The circulation of US dailies fell -2.35 percent in 2005 and -4.02 percent over five years. Most of the decline came in evening dailies, which saw a year-on-year circulation decline of -6.6 percent, compared with only -1.6 percent for morning dailies. Over the past five years, evening dailies declined -17.5 percent, compared with a -1.4 percent drop for morning newspapers.”

Newspaper advertising revenues in the USA, by far the largest newspaper advertising market in the world, increased by +1.51 percent in 2005 and +7 percent over the last five years.”

“Newspaper online consumption rose +8.71 percent in 2005, and +200 percent over the past five years.”

“Internet advertising revenues continue to grow rapidly, and were up 24 percent in 2005, the highest growth for five years.”

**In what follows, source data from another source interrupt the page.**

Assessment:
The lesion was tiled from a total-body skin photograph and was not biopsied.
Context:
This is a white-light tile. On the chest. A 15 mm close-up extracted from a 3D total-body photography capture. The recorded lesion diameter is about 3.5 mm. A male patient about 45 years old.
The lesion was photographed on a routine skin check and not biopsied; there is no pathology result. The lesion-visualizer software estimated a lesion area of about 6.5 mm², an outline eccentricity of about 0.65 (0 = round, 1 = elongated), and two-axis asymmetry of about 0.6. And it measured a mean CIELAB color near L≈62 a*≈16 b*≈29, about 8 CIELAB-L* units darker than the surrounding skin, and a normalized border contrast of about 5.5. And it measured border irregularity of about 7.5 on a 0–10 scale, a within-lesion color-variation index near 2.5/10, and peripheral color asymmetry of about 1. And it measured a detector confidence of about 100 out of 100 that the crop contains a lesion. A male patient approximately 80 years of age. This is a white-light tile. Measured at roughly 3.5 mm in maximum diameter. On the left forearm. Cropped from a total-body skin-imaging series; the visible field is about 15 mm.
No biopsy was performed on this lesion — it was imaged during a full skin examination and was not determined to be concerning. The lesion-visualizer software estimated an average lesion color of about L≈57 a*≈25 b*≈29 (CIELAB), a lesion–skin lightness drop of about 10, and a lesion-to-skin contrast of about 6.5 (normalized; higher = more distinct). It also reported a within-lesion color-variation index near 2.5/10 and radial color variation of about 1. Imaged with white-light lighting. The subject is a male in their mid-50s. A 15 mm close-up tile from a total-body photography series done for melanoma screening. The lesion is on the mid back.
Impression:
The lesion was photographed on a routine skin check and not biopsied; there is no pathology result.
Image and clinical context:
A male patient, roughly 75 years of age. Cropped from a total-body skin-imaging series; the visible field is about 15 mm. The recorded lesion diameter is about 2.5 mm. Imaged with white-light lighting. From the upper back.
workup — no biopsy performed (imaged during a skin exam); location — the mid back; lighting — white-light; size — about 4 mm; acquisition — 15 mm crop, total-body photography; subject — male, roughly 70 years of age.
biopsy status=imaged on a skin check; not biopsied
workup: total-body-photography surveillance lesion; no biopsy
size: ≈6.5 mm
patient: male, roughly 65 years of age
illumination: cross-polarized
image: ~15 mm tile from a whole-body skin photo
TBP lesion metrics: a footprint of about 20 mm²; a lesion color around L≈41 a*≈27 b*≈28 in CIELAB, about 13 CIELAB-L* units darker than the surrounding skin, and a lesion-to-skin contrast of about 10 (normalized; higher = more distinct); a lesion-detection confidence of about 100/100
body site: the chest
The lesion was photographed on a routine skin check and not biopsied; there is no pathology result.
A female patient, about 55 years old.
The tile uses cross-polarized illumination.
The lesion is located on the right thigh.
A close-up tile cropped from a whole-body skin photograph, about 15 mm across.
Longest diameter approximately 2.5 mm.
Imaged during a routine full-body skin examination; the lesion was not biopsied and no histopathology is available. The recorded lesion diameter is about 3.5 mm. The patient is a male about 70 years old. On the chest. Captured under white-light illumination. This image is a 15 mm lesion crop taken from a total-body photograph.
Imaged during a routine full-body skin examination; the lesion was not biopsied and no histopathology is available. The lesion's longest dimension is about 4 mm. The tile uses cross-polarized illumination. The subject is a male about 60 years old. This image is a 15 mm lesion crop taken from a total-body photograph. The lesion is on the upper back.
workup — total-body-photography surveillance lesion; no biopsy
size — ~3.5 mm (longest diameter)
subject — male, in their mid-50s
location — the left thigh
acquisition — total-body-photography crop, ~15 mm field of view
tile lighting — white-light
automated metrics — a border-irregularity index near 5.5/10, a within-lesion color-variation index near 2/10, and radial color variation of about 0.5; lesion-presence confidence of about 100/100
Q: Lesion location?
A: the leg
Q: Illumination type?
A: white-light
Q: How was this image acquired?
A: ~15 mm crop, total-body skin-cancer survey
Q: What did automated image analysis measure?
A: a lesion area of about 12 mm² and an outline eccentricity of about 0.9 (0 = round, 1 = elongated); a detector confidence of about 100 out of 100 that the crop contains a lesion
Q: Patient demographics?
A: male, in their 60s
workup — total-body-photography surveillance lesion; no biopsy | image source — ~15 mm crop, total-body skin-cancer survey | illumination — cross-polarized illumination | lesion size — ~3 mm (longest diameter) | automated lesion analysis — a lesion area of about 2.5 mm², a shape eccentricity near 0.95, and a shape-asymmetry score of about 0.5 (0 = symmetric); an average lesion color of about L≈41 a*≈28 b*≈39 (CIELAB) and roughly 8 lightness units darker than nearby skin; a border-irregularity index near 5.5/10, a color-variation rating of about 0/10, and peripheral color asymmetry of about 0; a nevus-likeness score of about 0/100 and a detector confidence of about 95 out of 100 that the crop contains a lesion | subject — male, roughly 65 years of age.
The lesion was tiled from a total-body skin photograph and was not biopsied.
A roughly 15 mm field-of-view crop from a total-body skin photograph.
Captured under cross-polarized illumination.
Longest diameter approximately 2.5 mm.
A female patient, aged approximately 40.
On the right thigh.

Localna8ion.com: As an online marketer you’d expect me to laud the last two points focused on interactive newspaper consumption and online ad revenues but I won’t. The key story here is that readership and ad revenues have done as well as they have given the incredible onslaught of the Internet over the last 5-10 years. Yes, the rate of change may take a hockey stick to print newspapers’ ass in the next few years but this is a good reminder that there’s a hell of a lot of people still taking their daily rag on the commuter train and to their favorite ‘quiet time’ reading place.  Here’s a shocking prediction from Localna8ion.  Newspapers will evolve spurred on by good content, longer reader life spans of boomers, and enabling technologies that will reduce their costs and expand their capabilities.